AIM OF THE EXERCISE:
Go through the listing and write out each line exactly.

[[ SOURCE DATA, beginning ]]

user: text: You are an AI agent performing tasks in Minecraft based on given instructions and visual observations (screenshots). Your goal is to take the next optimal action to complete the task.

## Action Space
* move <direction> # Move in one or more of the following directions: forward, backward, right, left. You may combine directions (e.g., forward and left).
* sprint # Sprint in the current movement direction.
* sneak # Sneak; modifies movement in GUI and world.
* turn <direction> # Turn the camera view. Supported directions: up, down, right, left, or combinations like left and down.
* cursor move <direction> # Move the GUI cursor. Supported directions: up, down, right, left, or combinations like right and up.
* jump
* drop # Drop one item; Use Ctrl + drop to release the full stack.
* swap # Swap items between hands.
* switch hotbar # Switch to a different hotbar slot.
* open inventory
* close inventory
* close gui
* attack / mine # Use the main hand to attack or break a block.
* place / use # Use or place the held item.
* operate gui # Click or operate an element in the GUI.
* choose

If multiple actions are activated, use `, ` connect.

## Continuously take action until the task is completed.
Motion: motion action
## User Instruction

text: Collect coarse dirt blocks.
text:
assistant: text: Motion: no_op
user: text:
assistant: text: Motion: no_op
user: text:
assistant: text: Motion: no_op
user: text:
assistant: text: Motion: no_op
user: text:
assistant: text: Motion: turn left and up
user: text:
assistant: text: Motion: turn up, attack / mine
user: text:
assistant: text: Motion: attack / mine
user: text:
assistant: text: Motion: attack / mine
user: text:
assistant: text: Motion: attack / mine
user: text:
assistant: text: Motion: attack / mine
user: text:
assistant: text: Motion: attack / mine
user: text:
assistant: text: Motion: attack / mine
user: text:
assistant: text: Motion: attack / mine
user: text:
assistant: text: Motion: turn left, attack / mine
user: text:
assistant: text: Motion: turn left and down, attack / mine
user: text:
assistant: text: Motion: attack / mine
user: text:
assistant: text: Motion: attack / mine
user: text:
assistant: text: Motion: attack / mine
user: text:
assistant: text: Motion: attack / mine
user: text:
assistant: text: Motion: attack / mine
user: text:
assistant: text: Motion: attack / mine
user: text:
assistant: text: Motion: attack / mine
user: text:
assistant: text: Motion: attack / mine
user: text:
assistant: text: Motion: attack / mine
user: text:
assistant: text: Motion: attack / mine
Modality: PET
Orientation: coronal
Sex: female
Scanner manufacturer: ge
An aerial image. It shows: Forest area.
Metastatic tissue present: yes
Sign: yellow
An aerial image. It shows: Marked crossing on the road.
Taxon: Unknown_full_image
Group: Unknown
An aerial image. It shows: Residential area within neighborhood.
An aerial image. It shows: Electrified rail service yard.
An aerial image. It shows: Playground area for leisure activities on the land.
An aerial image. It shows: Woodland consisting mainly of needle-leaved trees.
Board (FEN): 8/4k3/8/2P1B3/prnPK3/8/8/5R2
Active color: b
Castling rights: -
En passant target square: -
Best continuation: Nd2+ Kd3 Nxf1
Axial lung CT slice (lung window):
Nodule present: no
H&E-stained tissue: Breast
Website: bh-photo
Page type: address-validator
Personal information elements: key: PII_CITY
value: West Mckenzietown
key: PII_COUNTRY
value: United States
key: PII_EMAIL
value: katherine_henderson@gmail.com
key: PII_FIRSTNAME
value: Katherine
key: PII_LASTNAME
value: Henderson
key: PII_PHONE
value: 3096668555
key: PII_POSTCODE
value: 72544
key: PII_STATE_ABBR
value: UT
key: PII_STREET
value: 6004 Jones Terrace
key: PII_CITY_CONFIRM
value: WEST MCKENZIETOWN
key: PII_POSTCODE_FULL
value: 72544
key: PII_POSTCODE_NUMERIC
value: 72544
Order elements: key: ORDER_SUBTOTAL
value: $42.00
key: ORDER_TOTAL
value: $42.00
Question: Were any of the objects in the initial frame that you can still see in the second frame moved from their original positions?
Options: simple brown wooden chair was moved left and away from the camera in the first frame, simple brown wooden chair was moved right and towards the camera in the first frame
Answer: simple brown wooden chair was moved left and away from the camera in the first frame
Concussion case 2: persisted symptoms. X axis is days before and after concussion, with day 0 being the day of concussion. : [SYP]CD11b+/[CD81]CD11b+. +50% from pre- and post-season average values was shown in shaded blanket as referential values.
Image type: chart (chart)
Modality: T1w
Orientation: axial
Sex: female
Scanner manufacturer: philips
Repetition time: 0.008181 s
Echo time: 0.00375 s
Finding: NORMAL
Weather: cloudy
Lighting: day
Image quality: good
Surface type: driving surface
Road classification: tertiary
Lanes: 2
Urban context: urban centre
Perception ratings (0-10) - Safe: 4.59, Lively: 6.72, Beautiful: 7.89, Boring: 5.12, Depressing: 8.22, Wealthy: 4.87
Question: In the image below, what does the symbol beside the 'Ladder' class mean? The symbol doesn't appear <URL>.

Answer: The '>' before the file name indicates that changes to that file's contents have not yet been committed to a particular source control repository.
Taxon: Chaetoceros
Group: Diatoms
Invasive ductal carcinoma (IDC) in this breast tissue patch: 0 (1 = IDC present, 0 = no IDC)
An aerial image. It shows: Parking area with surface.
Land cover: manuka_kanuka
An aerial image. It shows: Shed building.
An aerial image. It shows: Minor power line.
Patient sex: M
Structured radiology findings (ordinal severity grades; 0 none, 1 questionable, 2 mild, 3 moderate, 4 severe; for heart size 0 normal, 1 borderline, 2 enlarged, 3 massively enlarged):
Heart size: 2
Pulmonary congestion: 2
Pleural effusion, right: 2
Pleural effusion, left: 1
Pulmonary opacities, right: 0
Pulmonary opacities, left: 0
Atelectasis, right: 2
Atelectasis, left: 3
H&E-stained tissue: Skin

[[ SOURCE DATA, end ]]

EXERCISE SOLUTION:
user: text: You are an AI agent performing tasks in Minecraft based on given instructions and visual observations (screenshots). Your goal is to take the next optimal action to complete the task.

## Action Space
* move <direction> # Move in one or more of the following directions: forward, backward, right, left. You may combine directions (e.g., forward and left).
* sprint # Sprint in the current movement direction.
* sneak # Sneak; modifies movement in GUI and world.
* turn <direction> # Turn the camera view. Supported directions: up, down, right, left, or combinations like left and down.
* cursor move <direction> # Move the GUI cursor. Supported directions: up, down, right, left, or combinations like right and up.
* jump
* drop # Drop one item; Use Ctrl + drop to release the full stack.
* swap # Swap items between hands.
* switch hotbar # Switch to a different hotbar slot.
* open inventory
* close inventory
* close gui
* attack / mine # Use the main hand to attack or break a block.
* place / use # Use or place the held item.
* operate gui # Click or operate an element in the GUI.
* choose

If multiple actions are activated, use `, ` connect.

## Continuously take action until the task is completed.
Motion: motion action
## User Instruction

text: Collect coarse dirt blocks.
text:
assistant: text: Motion: no_op
user: text:
assistant: text: Motion: no_op
user: text:
assistant: text: Motion: no_op
user: text:
assistant: text: Motion: no_op
user: text:
assistant: text: Motion: turn left and up
user: text:
assistant: text: Motion: turn up, attack / mine
user: text:
assistant: text: Motion: attack / mine
user: text:
assistant: text: Motion: attack / mine
user: text:
assistant: text: Motion: attack / mine
user: text:
assistant: text: Motion: attack / mine
user: text:
assistant: text: Motion: attack / mine
user: text:
assistant: text: Motion: attack / mine
user: text:
assistant: text: Motion: attack / mine
user: text:
assistant: text: Motion: turn left, attack / mine
user: text:
assistant: text: Motion: turn left and down, attack / mine
user: text:
assistant: text: Motion: attack / mine
user: text:
assistant: text: Motion: attack / mine
user: text:
assistant: text: Motion: attack / mine
user: text:
assistant: text: Motion: attack / mine
user: text:
assistant: text: Motion: attack / mine
user: text:
assistant: text: Motion: attack / mine
user: text:
assistant: text: Motion: attack / mine
user: text:
assistant: text: Motion: attack / mine
user: text:
assistant: text: Motion: attack / mine
user: text:
assistant: text: Motion: attack / mine
Modality: PET
Orientation: coronal
Sex: female
Scanner manufacturer: ge
An aerial image. It shows: Forest area.
Metastatic tissue present: yes
Sign: yellow
An aerial image. It shows: Marked crossing on the road.
Taxon: Unknown_full_image
Group: Unknown
An aerial image. It shows: Residential area within neighborhood.
An aerial image. It shows: Electrified rail service yard.
An aerial image. It shows: Playground area for leisure activities on the land.
An aerial image. It shows: Woodland consisting mainly of needle-leaved trees.
Board (FEN): 8/4k3/8/2P1B3/prnPK3/8/8/5R2
Active color: b
Castling rights: -
En passant target square: -
Best continuation: Nd2+ Kd3 Nxf1
Axial lung CT slice (lung window):
Nodule present: no
H&E-stained tissue: Breast
Website: bh-photo
Page type: address-validator
Personal information elements: key: PII_CITY
value: West Mckenzietown
key: PII_COUNTRY
value: United States
key: PII_EMAIL
value: katherine_henderson@gmail.com
key: PII_FIRSTNAME
value: Katherine
key: PII_LASTNAME
value: Henderson
key: PII_PHONE
value: 3096668555
key: PII_POSTCODE
value: 72544
key: PII_STATE_ABBR
value: UT
key: PII_STREET
value: 6004 Jones Terrace
key: PII_CITY_CONFIRM
value: WEST MCKENZIETOWN
key: PII_POSTCODE_FULL
value: 72544
key: PII_POSTCODE_NUMERIC
value: 72544
Order elements: key: ORDER_SUBTOTAL
value: $42.00
key: ORDER_TOTAL
value: $42.00
Question: Were any of the objects in the initial frame that you can still see in the second frame moved from their original positions?
Options: simple brown wooden chair was moved left and away from the camera in the first frame, simple brown wooden chair was moved right and towards the camera in the first frame
Answer: simple brown wooden chair was moved left and away from the camera in the first frame
Concussion case 2: persisted symptoms. X axis is days before and after concussion, with day 0 being the day of concussion. : [SYP]CD11b+/[CD81]CD11b+. +50% from pre- and post-season average values was shown in shaded blanket as referential values.
Image type: chart (chart)
Modality: T1w
Orientation: axial
Sex: female
Scanner manufacturer: philips
Repetition time: 0.008181 s
Echo time: 0.00375 s
Finding: NORMAL
Weather: cloudy
Lighting: day
Image quality: good
Surface type: driving surface
Road classification: tertiary
Lanes: 2
Urban context: urban centre
Perception ratings (0-10) - Safe: 4.59, Lively: 6.72, Beautiful: 7.89, Boring: 5.12, Depressing: 8.22, Wealthy: 4.87
Question: In the image below, what does the symbol beside the 'Ladder' class mean? The symbol doesn't appear <URL>.

Answer: The '>' before the file name indicates that changes to that file's contents have not yet been committed to a particular source control repository.
Taxon: Chaetoceros
Group: Diatoms
Invasive ductal carcinoma (IDC) in this breast tissue patch: 0 (1 = IDC present, 0 = no IDC)
An aerial image. It shows: Parking area with surface.
Land cover: manuka_kanuka
An aerial image. It shows: Shed building.
An aerial image. It shows: Minor power line.
Patient sex: M
Structured radiology findings (ordinal severity grades; 0 none, 1 questionable, 2 mild, 3 moderate, 4 severe; for heart size 0 normal, 1 borderline, 2 enlarged, 3 massively enlarged):
Heart size: 2
Pulmonary congestion: 2
Pleural effusion, right: 2
Pleural effusion, left: 1
Pulmonary opacities, right: 0
Pulmonary opacities, left: 0
Atelectasis, right: 2
Atelectasis, left: 3
H&E-stained tissue: Skin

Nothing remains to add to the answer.